# Estimating Software



## customhome (Jan 19, 2004)

I work for a Custom Home Builder/Remodeler and I'm in need of help, here is the situation:

-Currently we use a custom built program that is built for a Mac.
-We have switched all of our computers to Windows systems except for the one that has that program.
-The Mac program is versatile, detailed, and easliy manipulated for constantly changing costs and situations.
- We have another program, Timberline Estimating (including a great digitizer), that was purchased to be our next program for bidding. 
- I started at this company after the purchase, and now am wondering if Timberline is going to be versatile enough for us. 
- The database seems difficult to update and the whole program not as versatile as our Mac program.

I'm just looking for anyone who uses Timberline and could give me some input, or anyone who uses another program that they would reccomend.

Thank you!


----------



## Grumpy (Oct 8, 2003)

Can you tell us what language this custom built program is based? If it's a simple spreadsheet program this can be converted to a windows format. I've heard of programs that allow you to run windows software on mac, but not sure if there is sch a thing that works in the opposite, Check www.download.com

Mac and Win will network together. Perhaps keep one Mac around for the bidding.

I use a custom spreadhsheet for each phase of the job.

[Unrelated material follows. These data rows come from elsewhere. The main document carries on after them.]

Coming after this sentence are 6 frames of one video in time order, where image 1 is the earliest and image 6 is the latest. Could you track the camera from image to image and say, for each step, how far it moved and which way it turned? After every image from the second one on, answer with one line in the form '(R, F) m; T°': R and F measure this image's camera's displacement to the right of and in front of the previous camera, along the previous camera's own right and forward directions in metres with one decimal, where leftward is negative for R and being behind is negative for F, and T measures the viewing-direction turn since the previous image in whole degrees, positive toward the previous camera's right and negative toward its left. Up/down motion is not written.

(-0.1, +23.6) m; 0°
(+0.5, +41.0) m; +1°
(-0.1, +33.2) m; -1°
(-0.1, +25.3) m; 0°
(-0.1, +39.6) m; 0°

We don't build houses (yet) but we do many types of exterior construction (roofing siding etc) I bid each phase like a seperate job, it works great and since it is for excell it will work on any computer that can run excell, and some that dont.

The reason I use this custom software is because I've never found an estimating program quite as versatile as I need. It's always very basic or very expensive. A few days of work and minor tweaks here and there and I have all that I could ask for. 

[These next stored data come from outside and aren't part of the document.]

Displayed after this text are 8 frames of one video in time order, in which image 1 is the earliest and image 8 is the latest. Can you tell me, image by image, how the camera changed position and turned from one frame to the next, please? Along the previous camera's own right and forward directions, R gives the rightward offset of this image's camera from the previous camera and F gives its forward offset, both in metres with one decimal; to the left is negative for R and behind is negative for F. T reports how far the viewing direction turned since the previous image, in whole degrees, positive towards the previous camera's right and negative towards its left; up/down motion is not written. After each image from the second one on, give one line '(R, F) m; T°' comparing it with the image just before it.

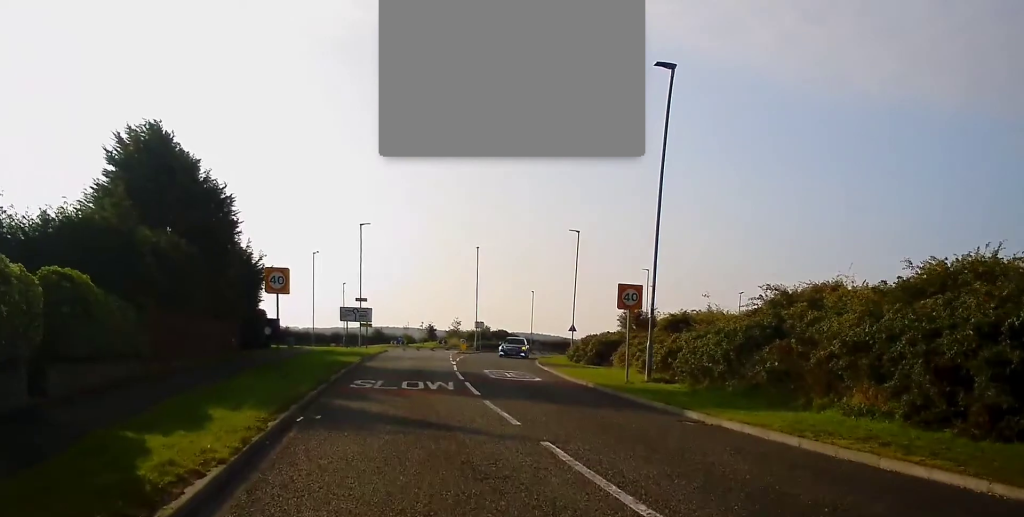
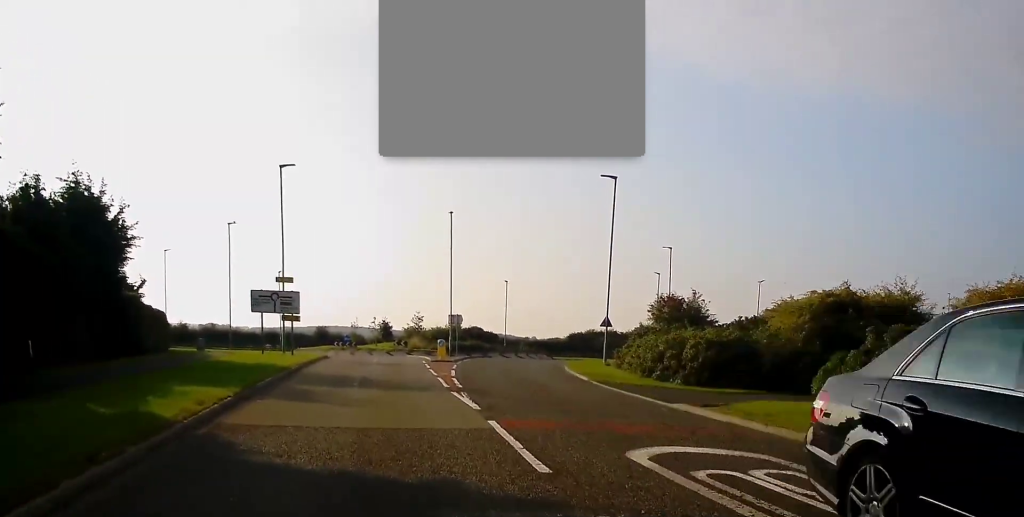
(+0.6, +22.2) m; +3°
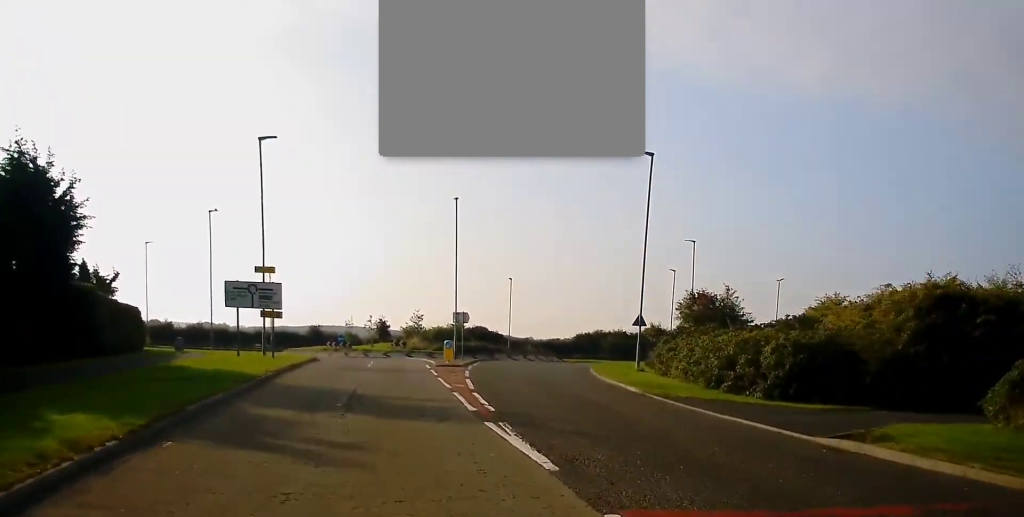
(0.0, +6.0) m; +1°
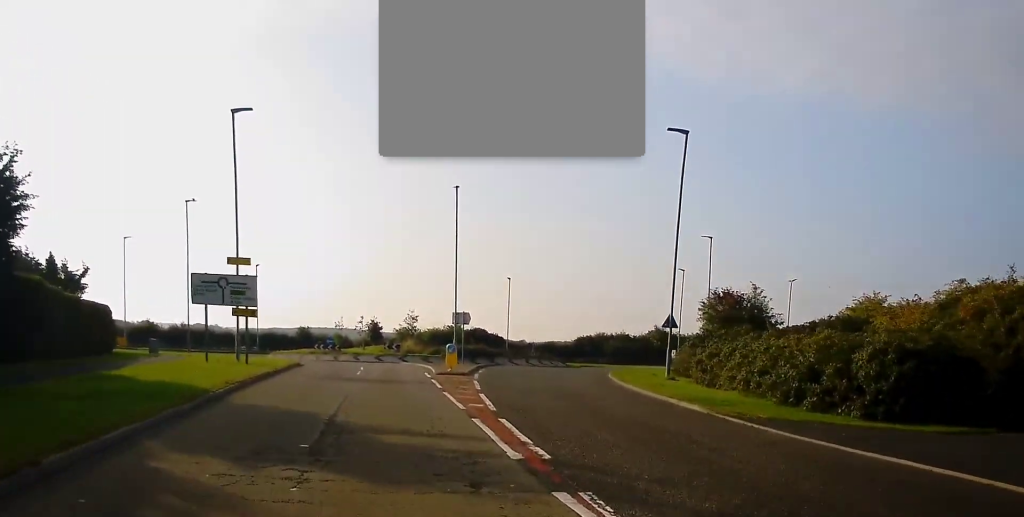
(+0.1, +4.8) m; +1°
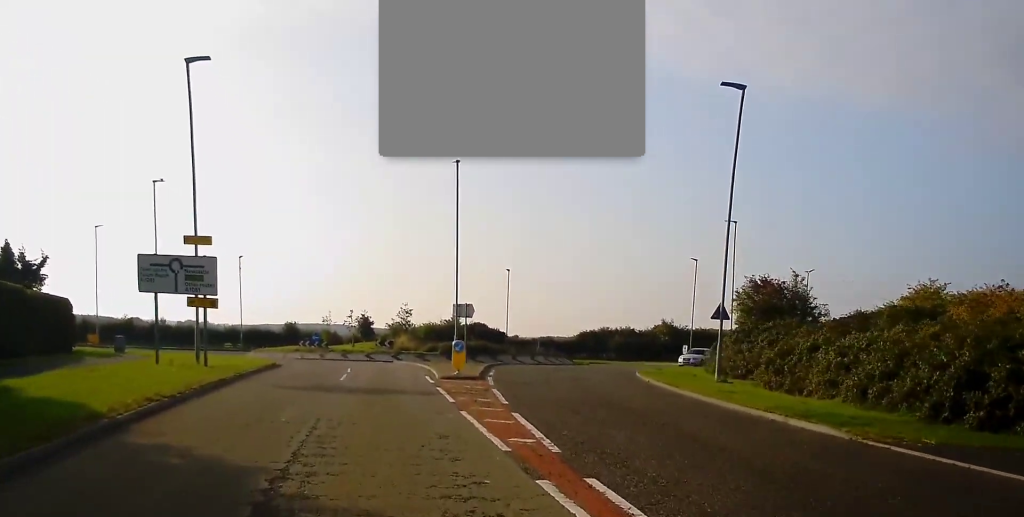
(+0.1, +5.7) m; 0°
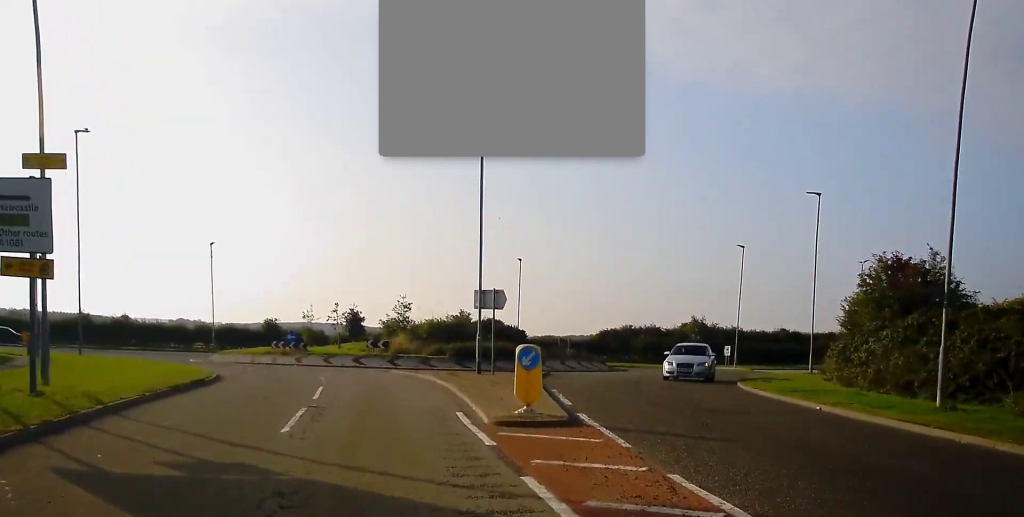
(-0.2, +11.8) m; 0°
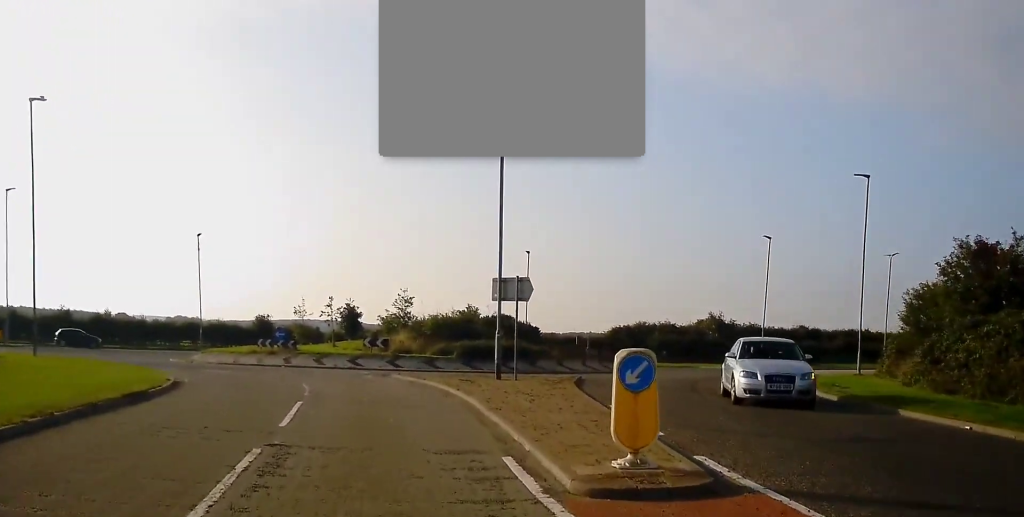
(+0.2, +5.0) m; +1°
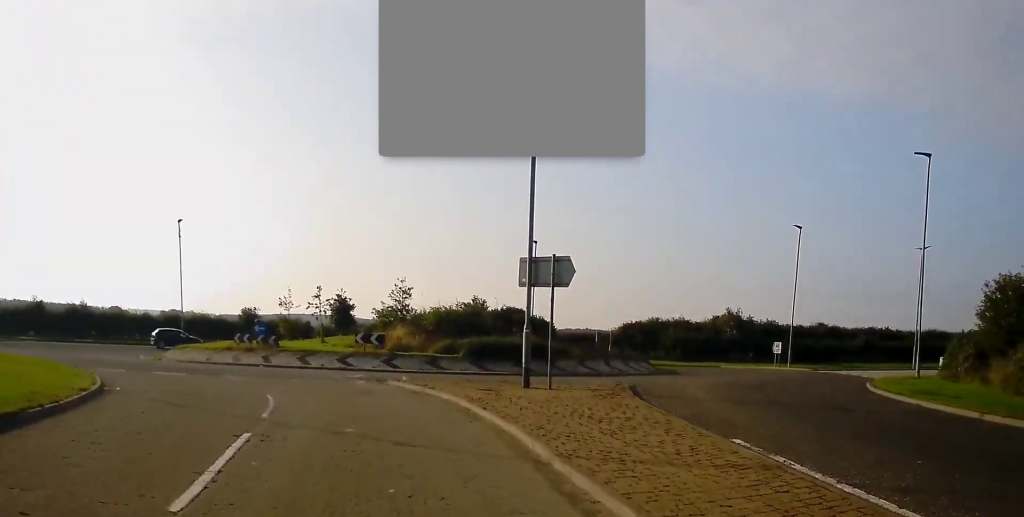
(+0.1, +5.4) m; 0°

I posted this preadsheet at christmas time. Search for the topic "a gift for my friends"


----------



## ProWallGuy (Oct 17, 2003)

Hey Grumpy, that topic would be 'a _present_ for my friends'


----------



## Grumpy (Oct 8, 2003)

Woops!


----------



## customhome (Jan 19, 2004)

*More Questions*

Do any of you use Quick Books for book keeping, estimating, or timesheets? Someone reccomended it to me so I am looking into it.

Thanks.


----------



## customhome (Jan 19, 2004)

I don't know what Language that our current program was built in. I appreciate the reply, and am going to check out your software if I can find it. Thank you Grumpy.


----------



## Nathan (Jul 21, 2003)

QuickBooks is a great program that a lot of Contractors use. 
If your interested they will send you a free 30 day trial disk. Just click on "trial" on the left bar of their homepage: http://quickbooks.intuit.com/


----------



## Grumpy (Oct 8, 2003)

Book keeping, but not estimating. The estimate function isn't up to my standards and as I mentioned we use a custom spreadhseet solution.

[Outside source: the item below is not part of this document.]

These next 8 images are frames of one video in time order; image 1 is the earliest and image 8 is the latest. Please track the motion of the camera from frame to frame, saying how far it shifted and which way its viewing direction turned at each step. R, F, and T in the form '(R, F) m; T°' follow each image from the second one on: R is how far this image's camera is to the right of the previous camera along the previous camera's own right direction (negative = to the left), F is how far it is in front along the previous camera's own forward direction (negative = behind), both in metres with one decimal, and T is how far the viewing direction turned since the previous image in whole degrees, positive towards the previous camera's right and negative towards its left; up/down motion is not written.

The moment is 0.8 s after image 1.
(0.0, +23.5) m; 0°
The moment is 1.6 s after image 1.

Nathan, it's not a 30 day trial anymore. It's 15 uses.  I just leave mine open and don't shut off the computer... But I bought one today from ebay. I got a nice deal and it's brand new. Sent out my first invoice for Company Name.


----------



## Nathan (Jul 21, 2003)

Grumpy said:


> I just leave mine open and don't shut off the computer...


man, your cheap


----------



## Nathan (Jul 21, 2003)

Grumpy said:


> Sent out my first invoice for .


I didn't think you were going to start anything until the end of the year?

Are you using subs?


----------



## Grumpy (Oct 8, 2003)

I was going to start anything but my condo association approached me about some repairs and I had two choices... 1) Make it my first job and collect a days worth of drinking money or 2) submit a proposal through my bosses company of a cost that's too high, have it rejected and then have some scrub come in and do sub standard work. Until I get everything legal and legit I think my condo association will be my only customer. It was a very small 1 or 2 hour repair for $150.


----------



## Guest (Feb 3, 2004)

customhome said:


> I work for a Custom Home Builder/Remodeler and I'm in need of help, here is the situation:
> 
> -Currently we use a custom built program that is built for a Mac.
> -We have switched all of our computers to Windows systems except for the one that has that program.
> ...


I use Timberline Estimating. I work for an electrical contractor. I find the program very powerful and versitile, but it does have many quirks and problems when it comes to intergration with job cost, inventory, and purchasing.

Rob


----------



## Guest (Feb 12, 2004)

*skeiser*

custom Home......how many homes per year do you build? Timberline should work but you will need training probably which could cost a bit...what are you willing to put into this process? If you have no budget...do quickbooks and learn on your own. If you own Timberline, why not use what you have a hire a local trainer who knows the program? They are out there, all over. If you only build a few homes per year, it could be overkill to use Timberline or anything more than Qbooks.


----------



## Guest (Mar 3, 2004)

*Quickbooks*



customhome said:


> Do any of you use Quick Books for book keeping, estimating, or timesheets? Someone reccomended it to me so I am looking into it.
> 
> Thanks.


Quickbooks Pro is an excellent product and when combined and synced with Quickbooks Customer Manager it is a marvelous tool. QB Manager is newly released and it took only 3 minutes of looking at the trial CD that was sent to see the benefit of using the program..the best thing is the price..$92.00. You can see everything about your client, subs, invoices, estimates on one very easily manipulated screen. I highly recommend it.


----------



## Grumpy (Oct 8, 2003)

Really? I thought customer manager was redundant and un-necessary. Another thing I did not like about CM was that it gives too much info. Some info I wouldn't want available to ALL employees, and found no way of locking it from being seen.


----------